In Azure IaaS, the functionality described above does not change. What gets more complicated is the storage for a clustered MSDTC, as it requires the storage to be shared. Microsoft has partners that offer options for shared storage in Azure, which include solutions like iSCSI among others. We also have a native Microsoft solution when using Storage Spaces Direct (S2D). Although you can use this for SQL Failover Cluster Instance Resources in Windows Server 2016, you cannot use it for the MSDTC Resource until Windows Server 2016 Release Build Version 1709. Windows Server 2016 Release Build Version 1709 and 1803 are core builds and do not have the Desktop Experience (GUI).

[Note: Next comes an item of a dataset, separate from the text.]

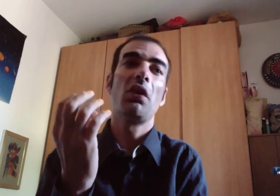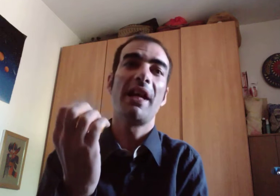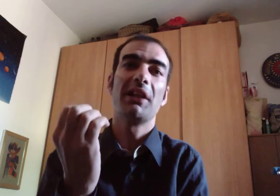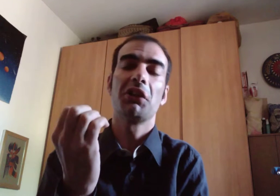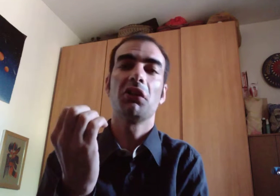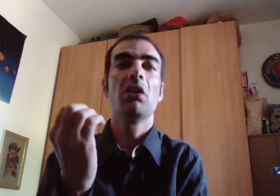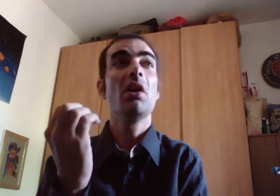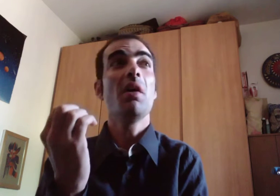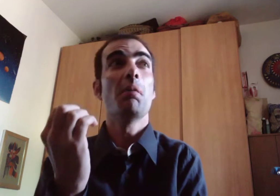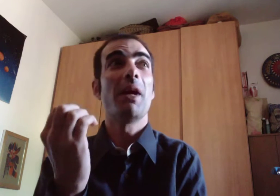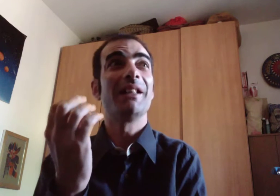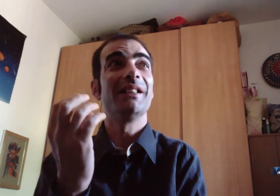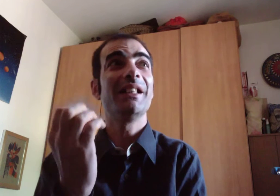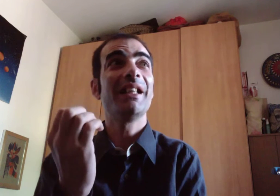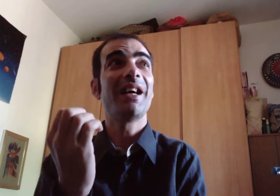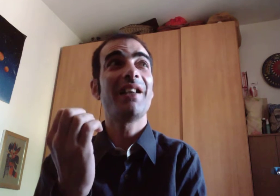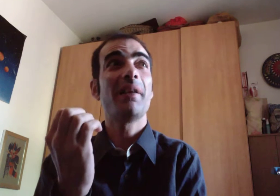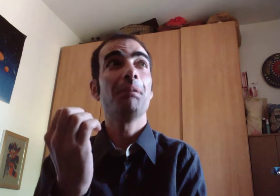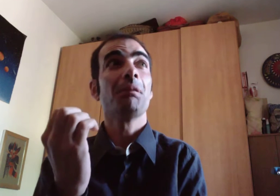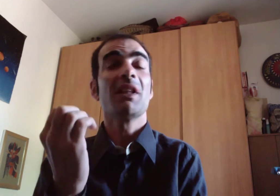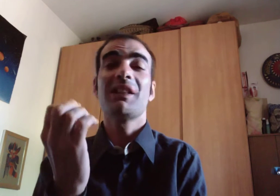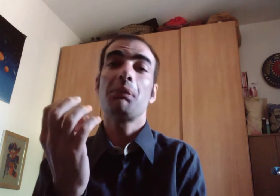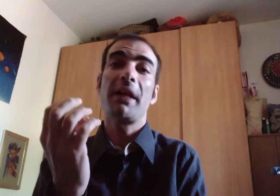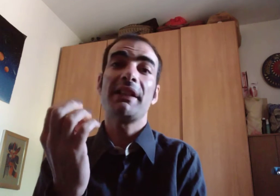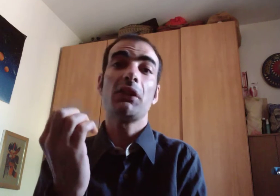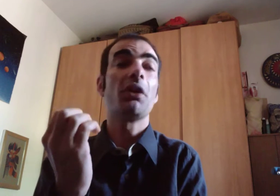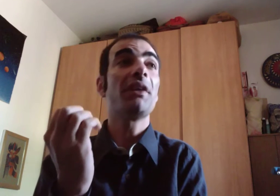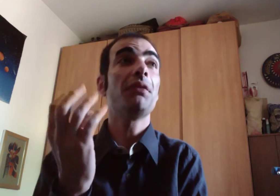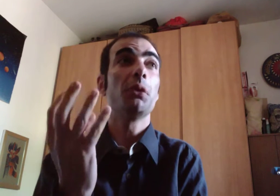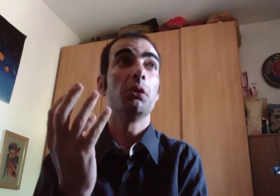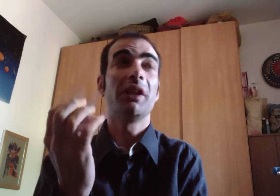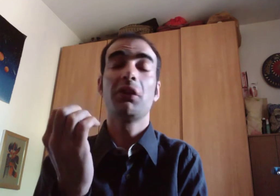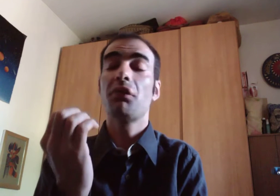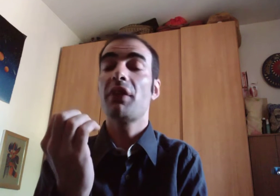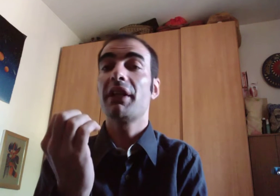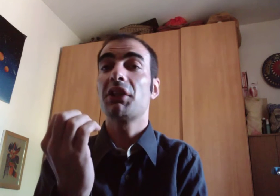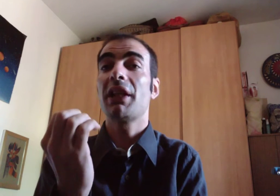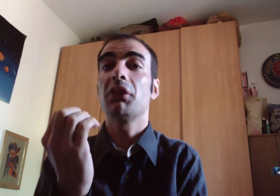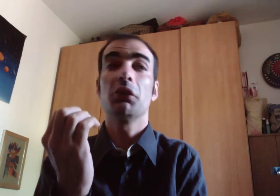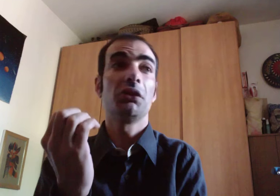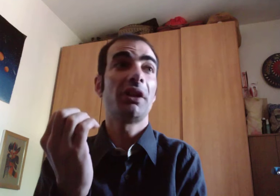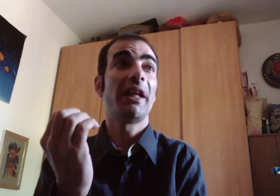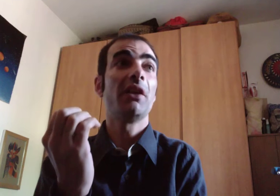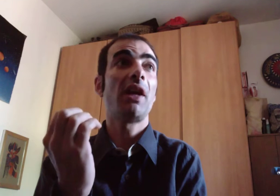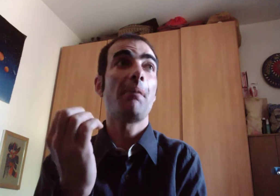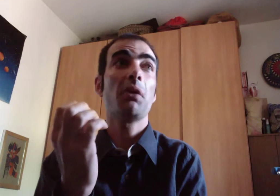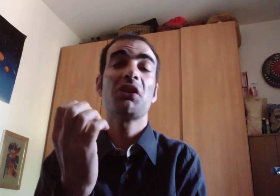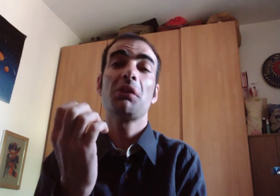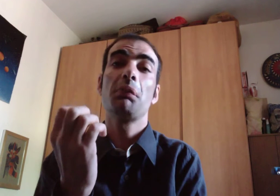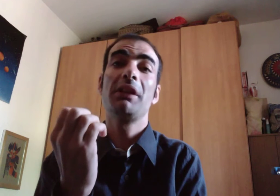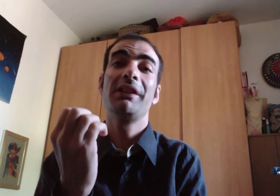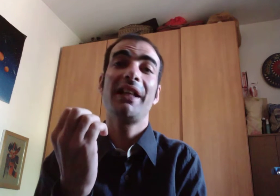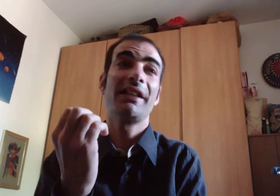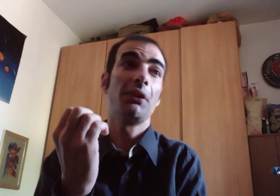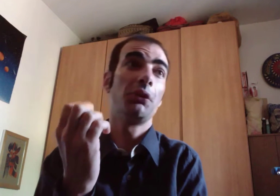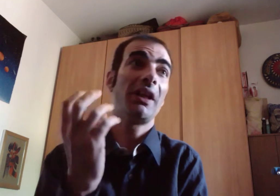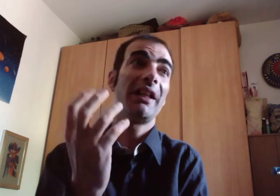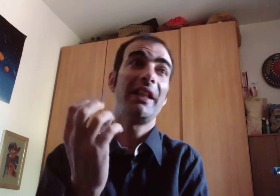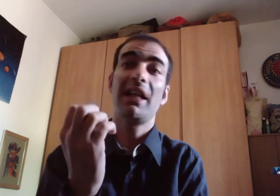lecito ma di illegale spesso rifiutano invece al contrario la possibilità di aiutare la

Windows Server 2019 is the first build to support this functionality and also contain the Desktop Experience.

Read here for more on builds that support the MSDTC on S2D in Azure. That article includes a video walk through of building the entire solution with an FCI on a Windows Cluster with the MSDTC on S2D in an Azure VM.

Another difference in Azure is outside of the servers and MSDTC, but is required to make it work properly. A clustered MSDTC has a network name and in Azure we need an internal load balancer to direct that traffic. This is important because you need to use a standard load balancer (not basic) which in turn means you need to use standard IP addresses. You will need to keep that in mind when building your VMs. Make sure to check out the article in the above paragraph as it describes and demonstrates this configuration.

MSDTC Throughput

I do want to mention one other noteworthy thing to think about as you design your architecture. If you have multiple instances of SQL Server running and you create one clustered MSDTC in its own resource group, every instance uses that same MSDTC. If you have a lot of distributed transactions this can become a bottleneck. The other issue that can get introduced with a single clustered MSDTC in its own role, is that you cannot guarantee it will run on the same node as your SQL instance. You could easily have an instance running on Node2 and using an MSDTC running on Node1. This can introduce network latency. Refer back to the second diagram in this post titled, "FCI with a Clustered MSDTC Configuration" and imagine the SQL Resource is running on Node2 while the MSDTC Resource remains on Node1.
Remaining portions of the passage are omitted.